Isolation and identification of the 2,3-BD and γ-PGA co-producing strain
Based on the characteristics of the colonies which were highly mucoid, fifteen strains (CS1‒CS15) were picked up from the agar plates. These strains were transferred into the fermentation medium, and eight strains showed a γ-PGA production ability. Moreover, strain CS13 produced the highest concentration of γ-PGA (9.58 ± 0.28 g/L) (Additional file 1:Table S1). In addition, high concentrations of by-products were found, and one was identified as 2,3-BD during an analysis of residual sugars in the fermentation broth (Additional file 2: Fig.

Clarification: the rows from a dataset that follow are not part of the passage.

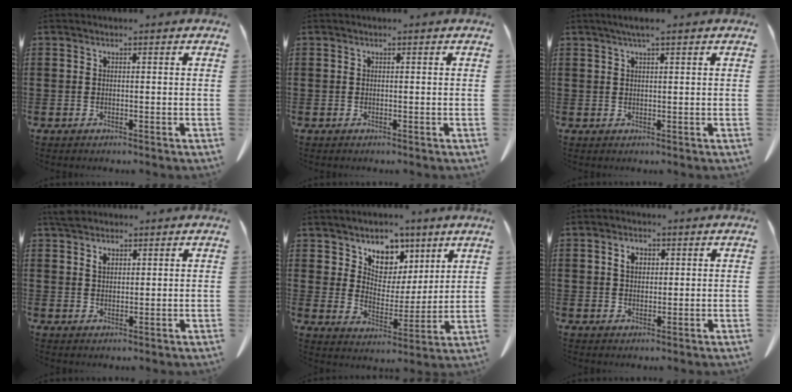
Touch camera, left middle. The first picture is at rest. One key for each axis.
{"total": 0.0}
{"total": 2.2, "fx": 1.4, "fy": 0.1, "fz": 1.6, "tx": -0.033, "ty": 0.001, "tz": 0.026}
{"total": 2.5, "fx": 1.9, "fy": 1.2, "fz": 1.2, "tx": -0.021, "ty": 0.001, "tz": 0.034}
{"total": 7.4, "fx": 5.1, "fy": 5.2, "fz": 1.4, "tx": -0.053, "ty": -0.031, "tz": 0.092}
{"total": 2.6, "fx": 1.0, "fy": 1.7, "fz": 1.6, "tx": -0.030, "ty": 0.004, "tz": 0.017}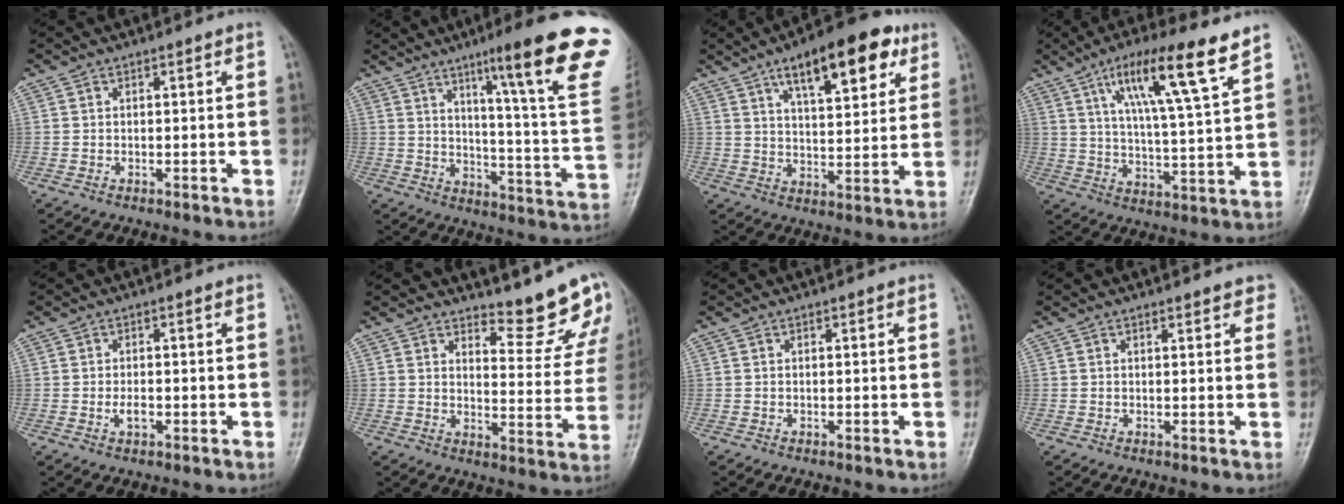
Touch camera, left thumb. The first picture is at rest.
{"total": 23.8, "force": [13.4, 1.5, 19.7], "torque": [-0.253, -0.060, 0.183]}
{"total": 16.0, "force": [8.5, 6.1, 12.1], "torque": [-0.144, -0.022, 0.126]}
{"total": 15.2, "force": [8.7, 1.9, 12.4], "torque": [-0.205, -0.032, 0.147]}
{"total": 2.1, "force": [-0.6, 1.1, 1.7], "torque": [-0.028, 0.002, -0.010]}
{"total": 11.0, "force": [10.1, 2.6, 3.4], "torque": [-0.012, -0.099, 0.125]}
{"total": 0.0}
{"total": 2.5, "force": [2.0, 1.0, 1.2], "torque": [0.004, -0.002, 0.016]}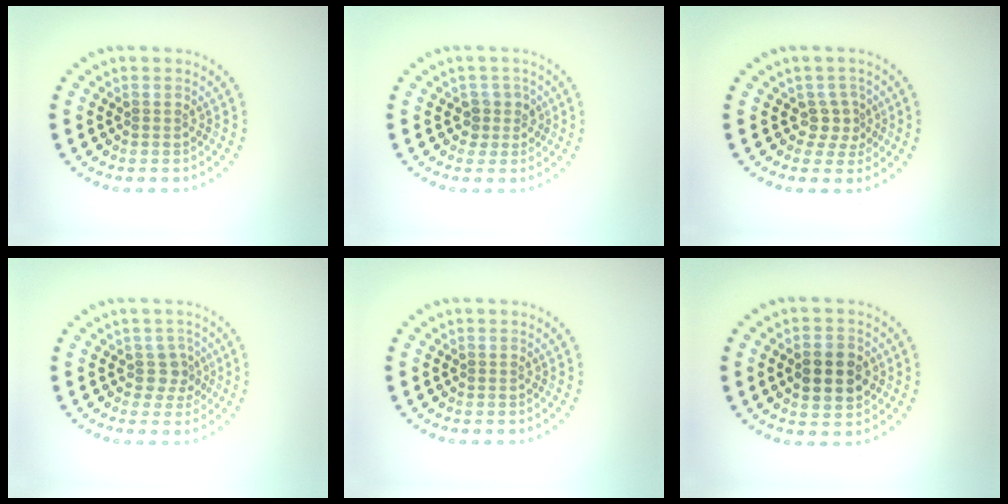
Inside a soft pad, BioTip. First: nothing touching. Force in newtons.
{"total": 1.9, "press": 1.5, "slide": 1.1}
{"total": 2.1, "press": 1.5, "slide": 1.5}
{"total": 2.0, "press": 1.5, "slide": 1.3}
{"total": 0.0}
{"total": 4.3, "press": 4.3, "slide": 0.1}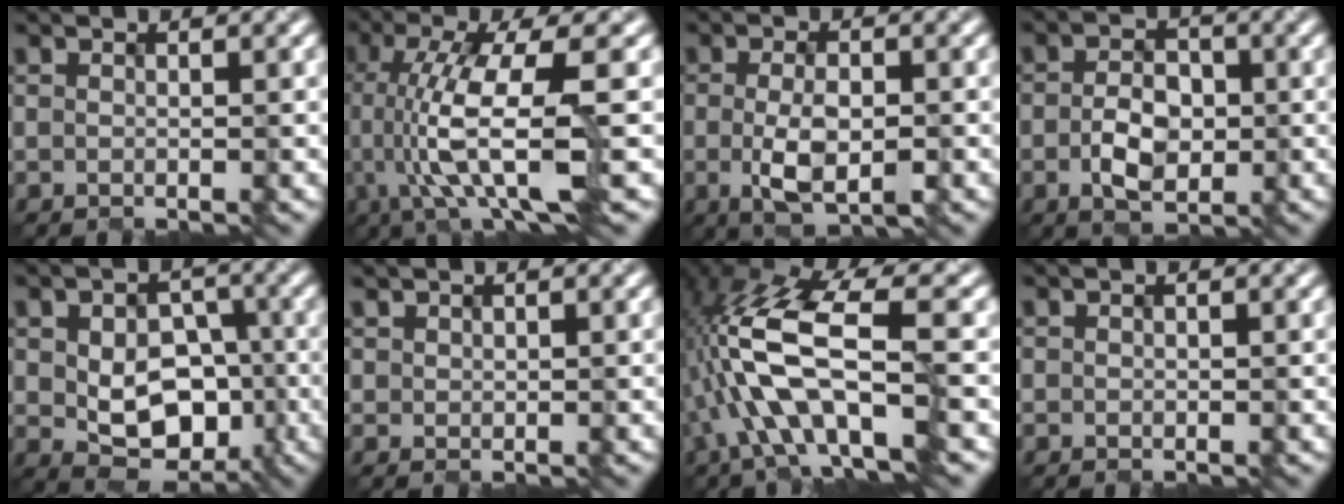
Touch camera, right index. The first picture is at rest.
{"total": 8.9, "force": [-1.9, 2.4, 8.4], "torque": [-0.166, -0.006, -0.027]}
{"total": 4.2, "force": [-1.2, 1.7, 3.6], "torque": [-0.075, -0.005, -0.016]}
{"total": 3.8, "force": [-1.0, 2.6, 2.6], "torque": [-0.052, 0.000, -0.013]}
{"total": 7.1, "force": [-1.0, 5.0, 4.9], "torque": [-0.081, -0.010, -0.007]}
{"total": 0.7, "force": [0.5, 0.3, -0.4], "torque": [-0.001, 0.002, 0.024]}
{"total": 11.2, "force": [-3.3, 4.0, 9.9], "torque": [-0.210, 0.012, -0.057]}
{"total": 0.0}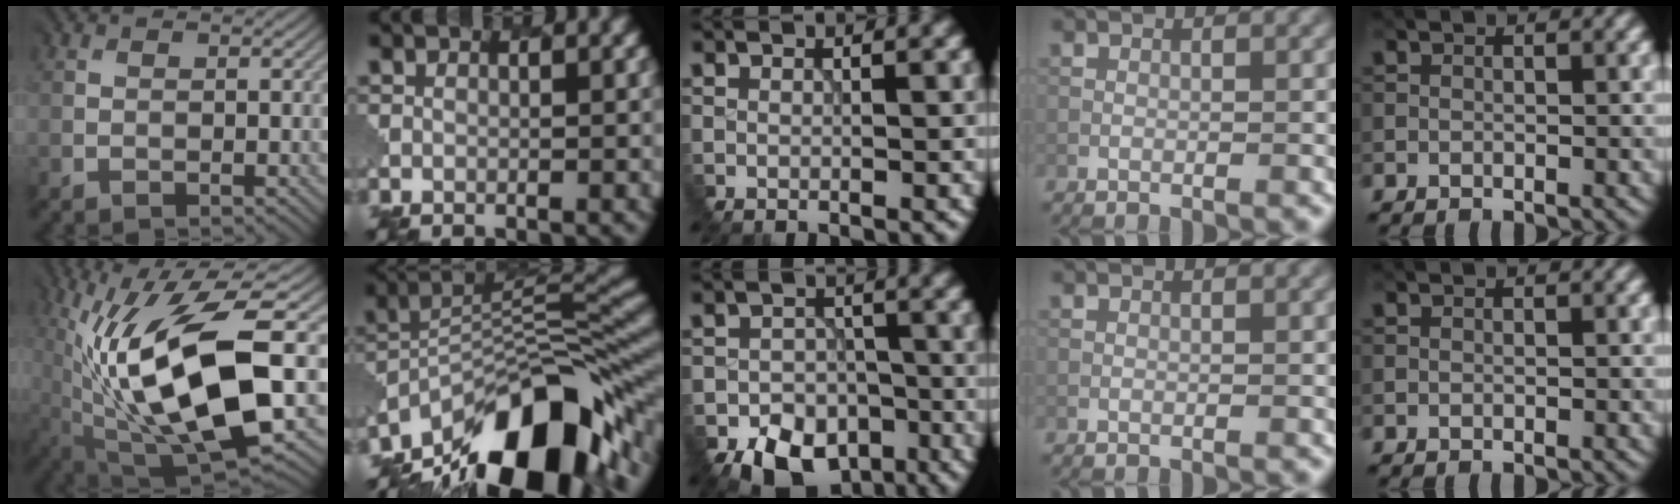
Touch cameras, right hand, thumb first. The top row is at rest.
{"thumb": {"total": 16.3, "force": [-1.3, 6.5, 14.8], "torque": [-0.302, -0.007, -0.016]}, "index": {"total": 14.7, "force": [-9.8, 5.6, 9.4], "torque": [-0.153, 0.024, -0.178]}, "middle": {"total": 7.5, "force": [-5.2, 4.6, 2.9], "torque": [-0.037, -0.021, -0.080]}}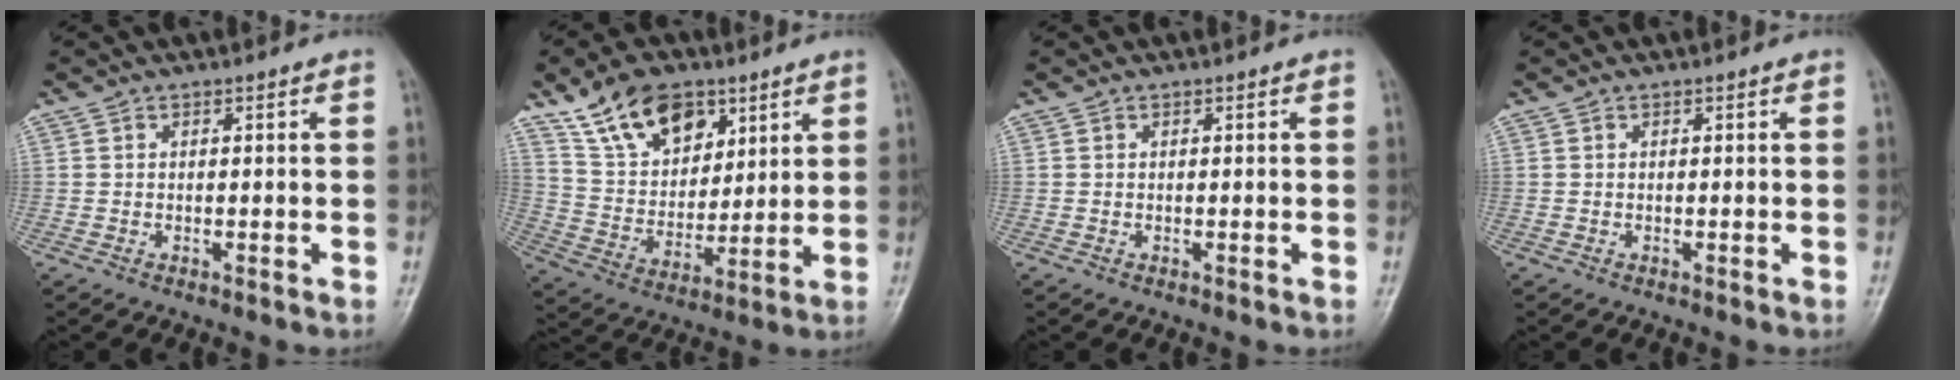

S1). Strain CS11 produced the highest yield of 2,3-BD (15.97 ± 0.51 g/L), and strain CS13 could yield 14.16 ± 0.45 g/L of 2,3-BD. Hence, the idea of the co-production γ-PGA and 2,3-BD arose due to strain CS13.
The 16S rDNA gene sequence of CS13 showed the similarity to B. subtilis subsp. subtilis NCIB 3610 (99.93%), B. subtilis subsp. stercoris D7XPN1 (99.92%), B. tequilensis KCTC 13622 (99.85%), and B. subtilis subsp. inaquosorum KCTC 13429 (99.85%) when blasting the sequence on EzBioCloud. A phylogenetic tree was constructed based on the 16S rDNA sequence and is shown in Fig. 1. CS13 formed a cluster with B. subtilis subsp. stercoris D7XPN1 and was classified as the species B. subtilis. The 16S rDNA gene sequence of B. subtilis CS13 was deposited in Genbank with a gene ID of MG722817. B. subtilis CS13 was deposited at the Korean Collection for Type Cultures with the accession number KCTC 14094 BP.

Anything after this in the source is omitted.